→ Extracted data entries
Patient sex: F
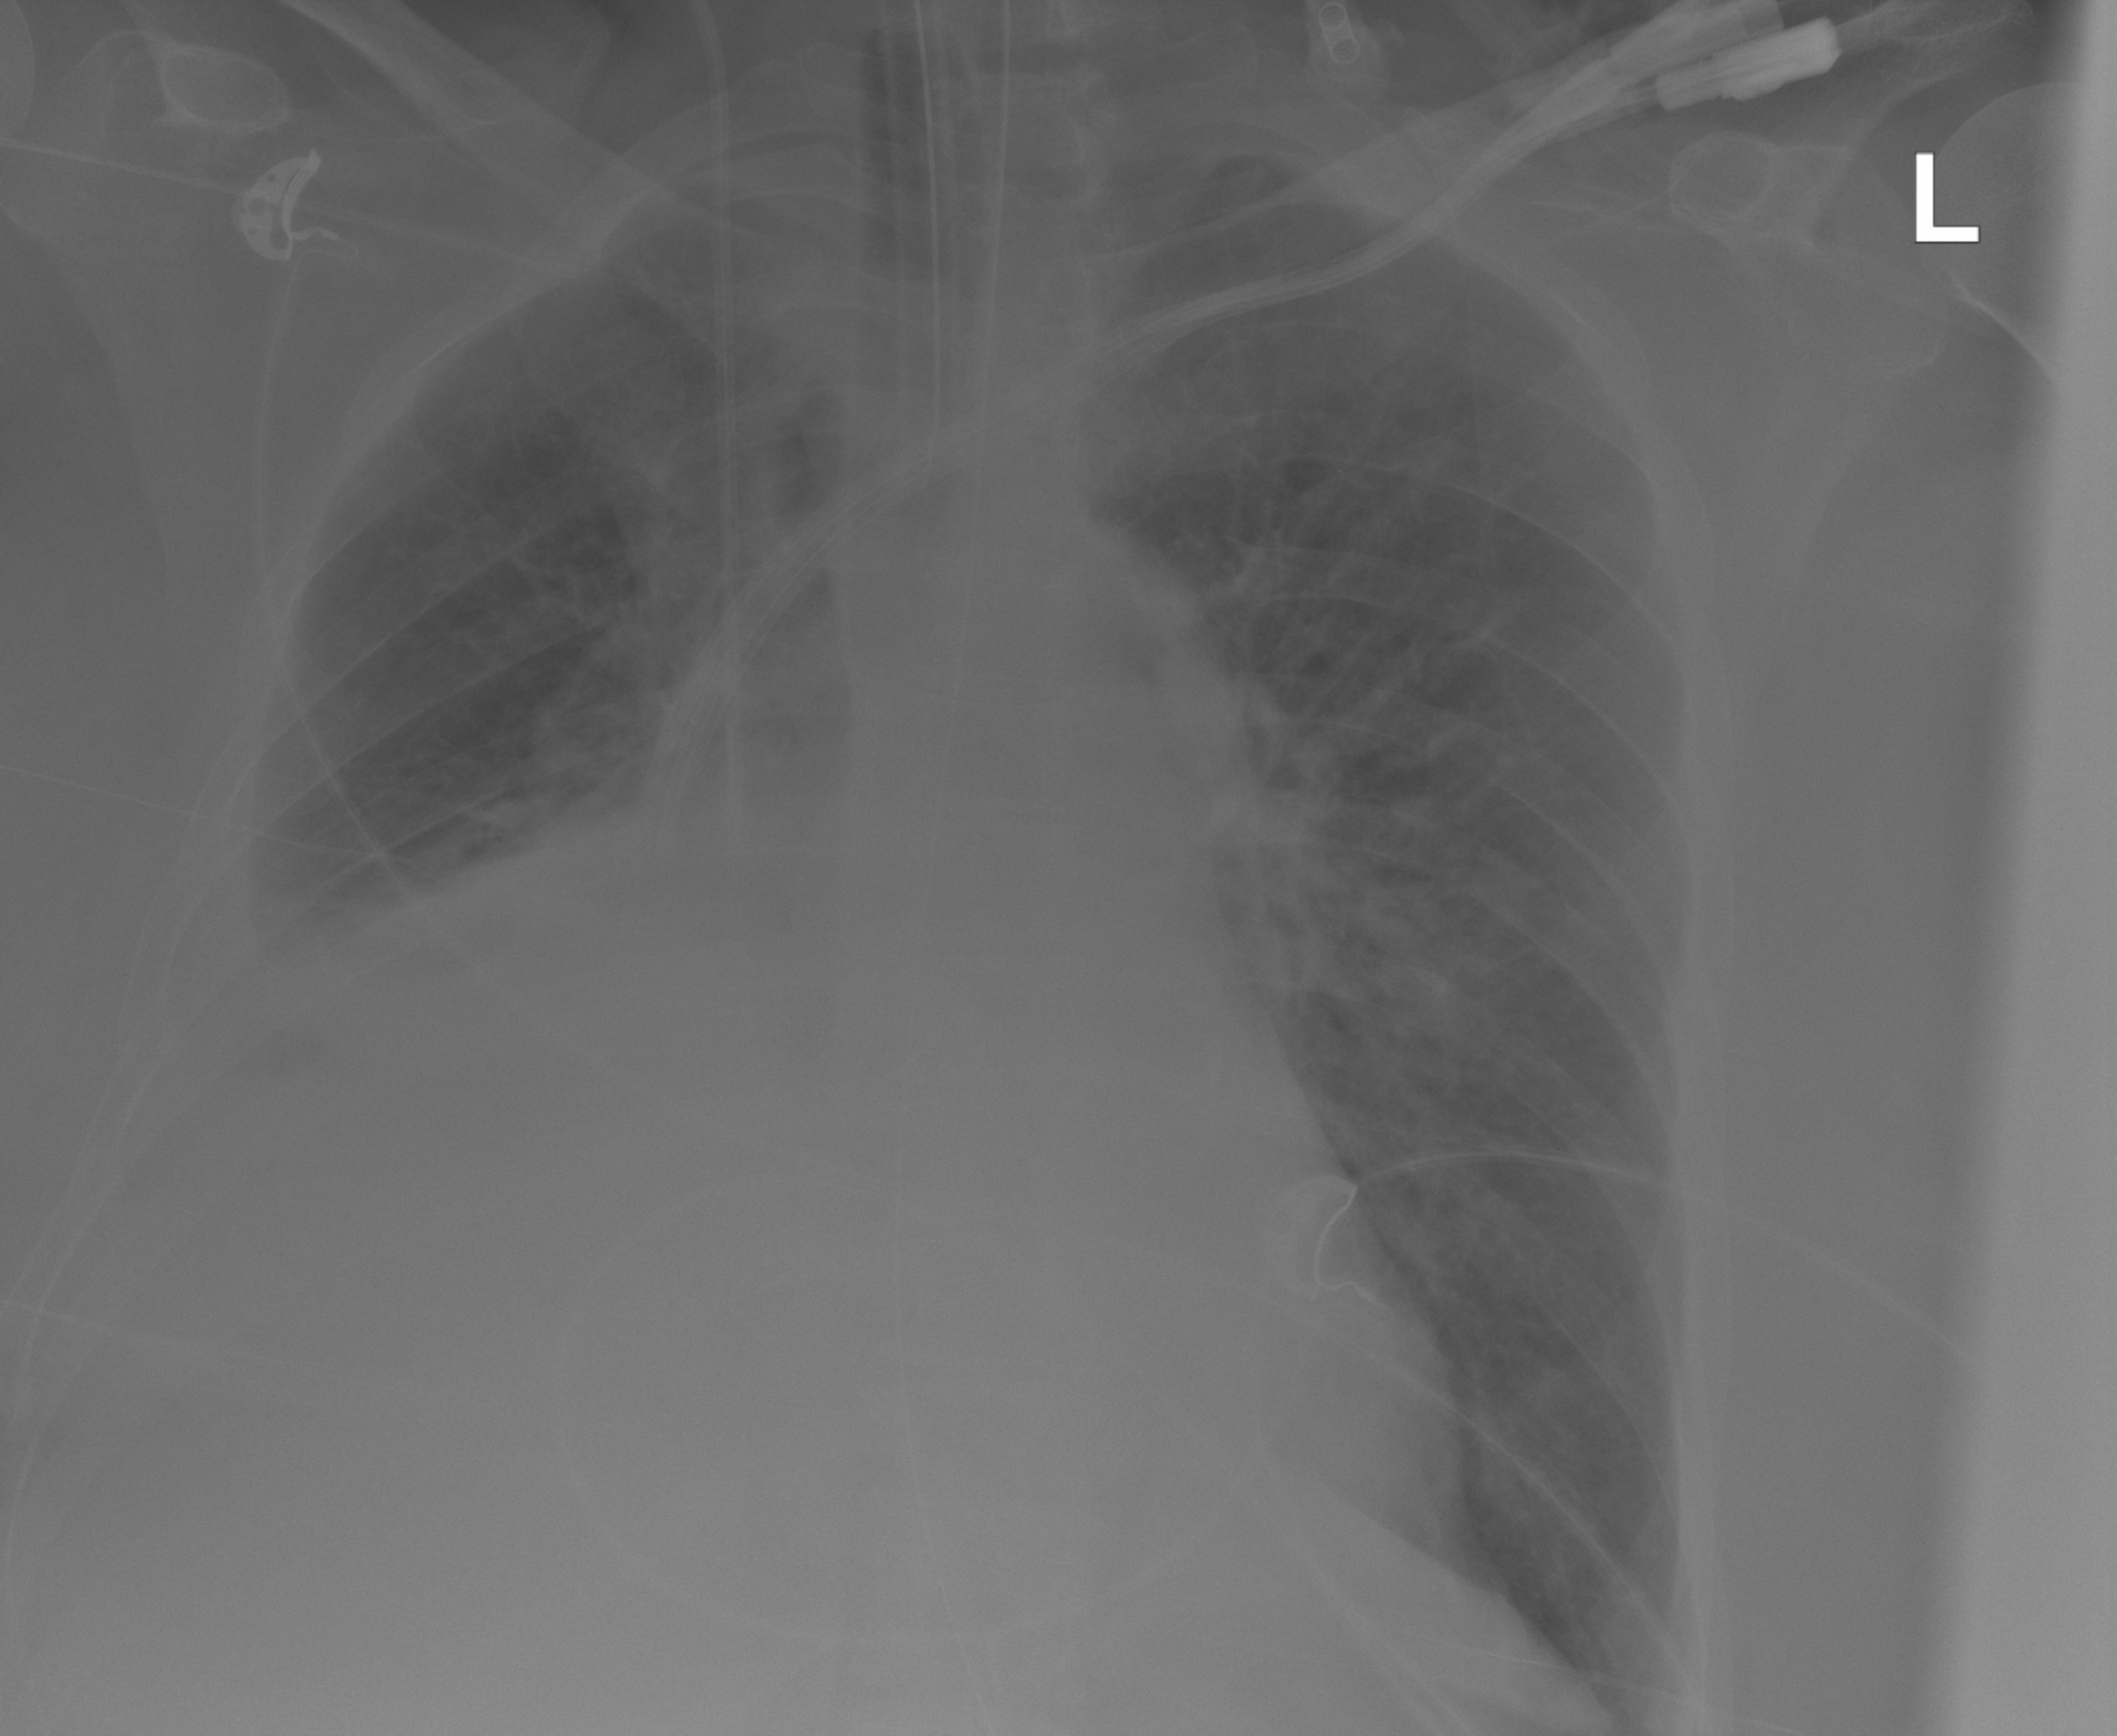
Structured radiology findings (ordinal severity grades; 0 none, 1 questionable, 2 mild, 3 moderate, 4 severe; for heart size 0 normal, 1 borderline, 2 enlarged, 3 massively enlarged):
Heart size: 0
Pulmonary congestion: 0
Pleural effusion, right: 3
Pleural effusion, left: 0
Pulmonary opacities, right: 0
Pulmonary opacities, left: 0
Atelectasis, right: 2
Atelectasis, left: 0

→ Task statement
Please print all the entries exactly as written, but drop the pictures.

→ Response to the exercise
Patient sex: F
Structured radiology findings (ordinal severity grades; 0 none, 1 questionable, 2 mild, 3 moderate, 4 severe; for heart size 0 normal, 1 borderline, 2 enlarged, 3 massively enlarged):
Heart size: 0
Pulmonary congestion: 0
Pleural effusion, right: 3
Pleural effusion, left: 0
Pulmonary opacities, right: 0
Pulmonary opacities, left: 0
Atelectasis, right: 2
Atelectasis, left: 0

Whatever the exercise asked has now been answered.